[YOUR TASK]:
When you reach the entries, transcribe each one exactly.

[EXTRACTED RECORDS]:
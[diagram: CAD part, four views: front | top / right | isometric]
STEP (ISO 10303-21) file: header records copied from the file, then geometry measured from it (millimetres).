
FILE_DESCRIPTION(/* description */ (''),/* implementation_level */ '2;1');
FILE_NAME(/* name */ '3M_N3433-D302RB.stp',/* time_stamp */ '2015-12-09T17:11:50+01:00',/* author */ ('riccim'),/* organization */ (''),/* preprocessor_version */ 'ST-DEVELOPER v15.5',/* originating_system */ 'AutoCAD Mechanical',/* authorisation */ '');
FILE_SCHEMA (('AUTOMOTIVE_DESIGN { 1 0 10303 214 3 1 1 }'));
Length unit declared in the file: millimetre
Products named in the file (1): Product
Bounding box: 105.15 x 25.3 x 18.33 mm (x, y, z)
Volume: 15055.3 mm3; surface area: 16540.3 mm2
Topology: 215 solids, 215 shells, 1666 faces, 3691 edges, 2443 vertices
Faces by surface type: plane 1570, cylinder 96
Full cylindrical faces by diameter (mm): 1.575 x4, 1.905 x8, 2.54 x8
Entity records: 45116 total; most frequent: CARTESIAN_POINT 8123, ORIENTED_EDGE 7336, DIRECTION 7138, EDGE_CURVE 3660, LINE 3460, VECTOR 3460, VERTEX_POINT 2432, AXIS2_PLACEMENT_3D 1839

[YOUR RESPONSE]:
[diagram: CAD part, four views: front | top / right | isometric]
STEP (ISO 10303-21) file: header records copied from the file, then geometry measured from it (millimetres).
FILE_DESCRIPTION(/* description */ (''),/* implementation_level */ '2;1');
FILE_NAME(/* name */ '3M_N3433-D302RB.stp',/* time_stamp */ '2015-12-09T17:11:50+01:00',/* author */ ('riccim'),/* organization */ (''),/* preprocessor_version */ 'ST-DEVELOPER v15.5',/* originating_system */ 'AutoCAD Mechanical',/* authorisation */ '');
FILE_SCHEMA (('AUTOMOTIVE_DESIGN { 1 0 10303 214 3 1 1 }'));
Length unit declared in the file: millimetre
Products named in the file (1): Product
Bounding box: 105.15 x 25.3 x 18.33 mm (x, y, z)
Volume: 15055.3 mm3; surface area: 16540.3 mm2
Topology: 215 solids, 215 shells, 1666 faces, 3691 edges, 2443 vertices
Faces by surface type: plane 1570, cylinder 96
Full cylindrical faces by diameter (mm): 1.575 x4, 1.905 x8, 2.54 x8
Entity records: 45116 total; most frequent: CARTESIAN_POINT 8123, ORIENTED_EDGE 7336, DIRECTION 7138, EDGE_CURVE 3660, LINE 3460, VECTOR 3460, VERTEX_POINT 2432, AXIS2_PLACEMENT_3D 1839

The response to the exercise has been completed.